RECORDS TO USE: Begin

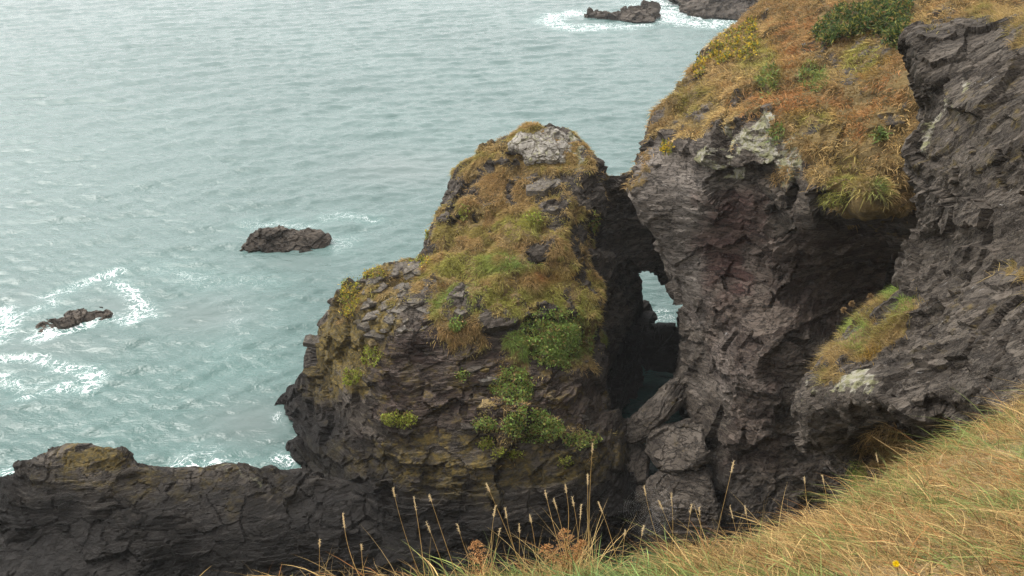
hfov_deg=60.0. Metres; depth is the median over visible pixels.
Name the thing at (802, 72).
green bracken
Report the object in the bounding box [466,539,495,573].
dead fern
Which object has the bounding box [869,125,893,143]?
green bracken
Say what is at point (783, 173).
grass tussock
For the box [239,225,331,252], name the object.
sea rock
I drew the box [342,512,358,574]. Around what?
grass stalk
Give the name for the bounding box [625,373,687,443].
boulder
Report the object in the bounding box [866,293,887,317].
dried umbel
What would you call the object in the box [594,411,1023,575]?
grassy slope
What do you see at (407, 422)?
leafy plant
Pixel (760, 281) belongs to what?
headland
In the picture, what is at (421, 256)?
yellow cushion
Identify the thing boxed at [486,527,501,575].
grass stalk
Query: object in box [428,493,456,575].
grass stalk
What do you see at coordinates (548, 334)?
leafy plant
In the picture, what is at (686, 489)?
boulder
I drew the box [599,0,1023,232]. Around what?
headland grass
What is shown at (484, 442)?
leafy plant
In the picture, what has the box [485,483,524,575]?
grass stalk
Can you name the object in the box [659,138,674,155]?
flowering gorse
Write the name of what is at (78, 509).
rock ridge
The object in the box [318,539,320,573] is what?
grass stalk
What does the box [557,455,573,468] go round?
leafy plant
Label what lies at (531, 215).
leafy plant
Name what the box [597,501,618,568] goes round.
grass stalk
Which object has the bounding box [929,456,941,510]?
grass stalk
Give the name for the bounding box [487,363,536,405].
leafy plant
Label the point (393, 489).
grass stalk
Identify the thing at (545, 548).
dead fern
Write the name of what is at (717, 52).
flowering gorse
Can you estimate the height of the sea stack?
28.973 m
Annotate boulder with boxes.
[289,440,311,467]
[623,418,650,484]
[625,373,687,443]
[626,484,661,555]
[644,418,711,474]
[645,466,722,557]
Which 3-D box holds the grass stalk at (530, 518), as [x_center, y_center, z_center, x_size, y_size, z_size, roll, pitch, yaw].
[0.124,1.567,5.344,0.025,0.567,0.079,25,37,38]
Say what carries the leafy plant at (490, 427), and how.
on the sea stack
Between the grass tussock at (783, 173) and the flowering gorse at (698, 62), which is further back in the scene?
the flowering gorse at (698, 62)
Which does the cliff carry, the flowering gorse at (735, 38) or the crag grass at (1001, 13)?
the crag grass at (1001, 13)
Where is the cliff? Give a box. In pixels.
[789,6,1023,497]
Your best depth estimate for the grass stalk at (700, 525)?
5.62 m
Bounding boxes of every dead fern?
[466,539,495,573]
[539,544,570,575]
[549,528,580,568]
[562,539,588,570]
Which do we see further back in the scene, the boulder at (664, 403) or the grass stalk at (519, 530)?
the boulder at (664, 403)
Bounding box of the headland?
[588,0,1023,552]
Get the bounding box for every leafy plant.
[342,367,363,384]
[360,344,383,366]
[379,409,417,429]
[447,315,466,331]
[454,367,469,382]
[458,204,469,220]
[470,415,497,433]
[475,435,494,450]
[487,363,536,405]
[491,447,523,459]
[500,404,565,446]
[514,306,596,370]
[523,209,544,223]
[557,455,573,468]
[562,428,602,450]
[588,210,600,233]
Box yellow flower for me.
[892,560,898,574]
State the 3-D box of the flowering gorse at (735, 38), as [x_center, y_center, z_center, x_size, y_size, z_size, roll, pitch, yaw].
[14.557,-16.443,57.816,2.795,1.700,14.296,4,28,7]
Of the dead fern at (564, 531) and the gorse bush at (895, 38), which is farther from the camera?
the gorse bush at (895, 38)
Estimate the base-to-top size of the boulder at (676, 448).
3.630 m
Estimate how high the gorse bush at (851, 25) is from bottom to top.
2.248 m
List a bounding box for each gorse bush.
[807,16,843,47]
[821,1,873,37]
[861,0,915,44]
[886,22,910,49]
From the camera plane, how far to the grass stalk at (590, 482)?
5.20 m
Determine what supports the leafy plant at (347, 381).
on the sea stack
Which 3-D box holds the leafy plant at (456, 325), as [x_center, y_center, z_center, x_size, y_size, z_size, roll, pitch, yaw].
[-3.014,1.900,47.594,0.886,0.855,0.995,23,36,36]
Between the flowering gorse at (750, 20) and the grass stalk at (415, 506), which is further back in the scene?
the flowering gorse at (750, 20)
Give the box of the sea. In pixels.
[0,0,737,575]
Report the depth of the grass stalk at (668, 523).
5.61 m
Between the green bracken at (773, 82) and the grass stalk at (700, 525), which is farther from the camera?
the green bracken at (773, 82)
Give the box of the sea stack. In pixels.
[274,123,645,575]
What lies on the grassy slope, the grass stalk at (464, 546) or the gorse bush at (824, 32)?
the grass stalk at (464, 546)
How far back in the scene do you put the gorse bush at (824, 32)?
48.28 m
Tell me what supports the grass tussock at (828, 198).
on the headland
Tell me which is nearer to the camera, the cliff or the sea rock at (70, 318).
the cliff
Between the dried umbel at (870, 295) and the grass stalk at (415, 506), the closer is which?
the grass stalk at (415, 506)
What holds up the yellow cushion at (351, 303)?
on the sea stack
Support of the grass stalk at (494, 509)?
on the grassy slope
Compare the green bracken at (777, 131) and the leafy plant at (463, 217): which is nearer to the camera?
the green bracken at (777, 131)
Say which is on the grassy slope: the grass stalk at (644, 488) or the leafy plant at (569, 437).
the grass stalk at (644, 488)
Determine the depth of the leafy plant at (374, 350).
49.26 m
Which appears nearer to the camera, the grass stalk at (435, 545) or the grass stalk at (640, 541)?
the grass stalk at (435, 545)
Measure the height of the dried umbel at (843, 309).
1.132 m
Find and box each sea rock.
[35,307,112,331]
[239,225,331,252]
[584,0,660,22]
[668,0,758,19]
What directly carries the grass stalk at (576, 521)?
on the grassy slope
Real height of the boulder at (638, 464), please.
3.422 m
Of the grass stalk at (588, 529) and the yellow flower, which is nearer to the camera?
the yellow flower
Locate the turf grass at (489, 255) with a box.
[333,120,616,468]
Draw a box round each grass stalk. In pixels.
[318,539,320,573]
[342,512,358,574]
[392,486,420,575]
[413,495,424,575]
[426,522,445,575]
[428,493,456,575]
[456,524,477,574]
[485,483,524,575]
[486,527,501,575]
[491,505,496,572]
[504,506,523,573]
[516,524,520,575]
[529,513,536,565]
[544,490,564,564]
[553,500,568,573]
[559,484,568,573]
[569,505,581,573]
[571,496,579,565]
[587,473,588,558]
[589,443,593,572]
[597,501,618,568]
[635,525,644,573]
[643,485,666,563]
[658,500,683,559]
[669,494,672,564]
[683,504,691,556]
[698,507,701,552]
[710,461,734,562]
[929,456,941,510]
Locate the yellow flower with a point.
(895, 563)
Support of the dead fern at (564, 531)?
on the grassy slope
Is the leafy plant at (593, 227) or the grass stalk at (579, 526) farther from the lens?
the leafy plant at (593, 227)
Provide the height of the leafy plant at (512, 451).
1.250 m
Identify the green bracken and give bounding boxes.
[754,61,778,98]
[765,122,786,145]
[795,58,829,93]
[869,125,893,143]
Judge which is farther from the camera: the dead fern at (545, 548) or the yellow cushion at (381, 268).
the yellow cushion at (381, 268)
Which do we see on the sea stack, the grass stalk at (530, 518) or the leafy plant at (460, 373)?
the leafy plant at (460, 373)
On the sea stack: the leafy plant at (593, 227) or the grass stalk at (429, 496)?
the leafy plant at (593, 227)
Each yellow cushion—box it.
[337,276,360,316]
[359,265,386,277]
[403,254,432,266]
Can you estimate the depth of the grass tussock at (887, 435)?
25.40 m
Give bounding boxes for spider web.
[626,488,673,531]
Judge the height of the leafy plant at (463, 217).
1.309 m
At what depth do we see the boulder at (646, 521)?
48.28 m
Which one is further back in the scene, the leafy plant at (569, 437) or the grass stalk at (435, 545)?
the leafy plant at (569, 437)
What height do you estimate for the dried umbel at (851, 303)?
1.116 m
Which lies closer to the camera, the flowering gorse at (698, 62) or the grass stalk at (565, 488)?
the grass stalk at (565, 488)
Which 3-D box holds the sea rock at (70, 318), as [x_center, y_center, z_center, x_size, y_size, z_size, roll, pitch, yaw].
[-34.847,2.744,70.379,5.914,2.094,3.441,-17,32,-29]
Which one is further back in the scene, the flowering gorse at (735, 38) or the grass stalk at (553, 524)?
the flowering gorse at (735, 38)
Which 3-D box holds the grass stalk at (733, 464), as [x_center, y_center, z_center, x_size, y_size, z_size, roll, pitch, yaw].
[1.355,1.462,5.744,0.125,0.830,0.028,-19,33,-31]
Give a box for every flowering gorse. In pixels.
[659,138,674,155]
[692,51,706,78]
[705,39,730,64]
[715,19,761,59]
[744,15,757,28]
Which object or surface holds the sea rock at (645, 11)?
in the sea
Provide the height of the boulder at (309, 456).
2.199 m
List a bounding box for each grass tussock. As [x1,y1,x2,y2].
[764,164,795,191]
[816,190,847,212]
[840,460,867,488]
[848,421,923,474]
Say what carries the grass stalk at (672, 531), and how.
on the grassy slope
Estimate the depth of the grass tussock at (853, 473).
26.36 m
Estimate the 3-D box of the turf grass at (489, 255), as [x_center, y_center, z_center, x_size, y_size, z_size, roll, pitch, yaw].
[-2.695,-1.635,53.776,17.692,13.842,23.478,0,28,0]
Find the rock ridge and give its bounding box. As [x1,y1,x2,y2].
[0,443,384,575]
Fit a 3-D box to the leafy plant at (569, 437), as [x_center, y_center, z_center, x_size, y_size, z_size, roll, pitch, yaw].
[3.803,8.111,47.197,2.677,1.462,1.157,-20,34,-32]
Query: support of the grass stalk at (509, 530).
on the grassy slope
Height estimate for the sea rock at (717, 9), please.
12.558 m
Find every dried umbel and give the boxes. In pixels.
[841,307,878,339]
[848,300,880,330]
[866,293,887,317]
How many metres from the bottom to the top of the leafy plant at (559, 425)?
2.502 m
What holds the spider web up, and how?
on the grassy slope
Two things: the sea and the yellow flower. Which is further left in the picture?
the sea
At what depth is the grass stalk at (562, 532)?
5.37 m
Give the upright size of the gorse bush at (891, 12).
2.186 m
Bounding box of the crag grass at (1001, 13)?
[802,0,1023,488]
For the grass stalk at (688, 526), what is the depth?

RECORDS TO USE: End

*YOUR OBJECTIVE*. Look above for the line holding "Of the dead fern at (564, 531) and" and the line holding "Estimate how high", then output exactly those two lines and every line between them, nothing more.

*SOLVED PROBLEM*.
Of the dead fern at (564, 531) and the gorse bush at (895, 38), which is farther from the camera?
the gorse bush at (895, 38)
Estimate the base-to-top size of the boulder at (676, 448).
3.630 m
Estimate how high the gorse bush at (851, 25) is from bottom to top.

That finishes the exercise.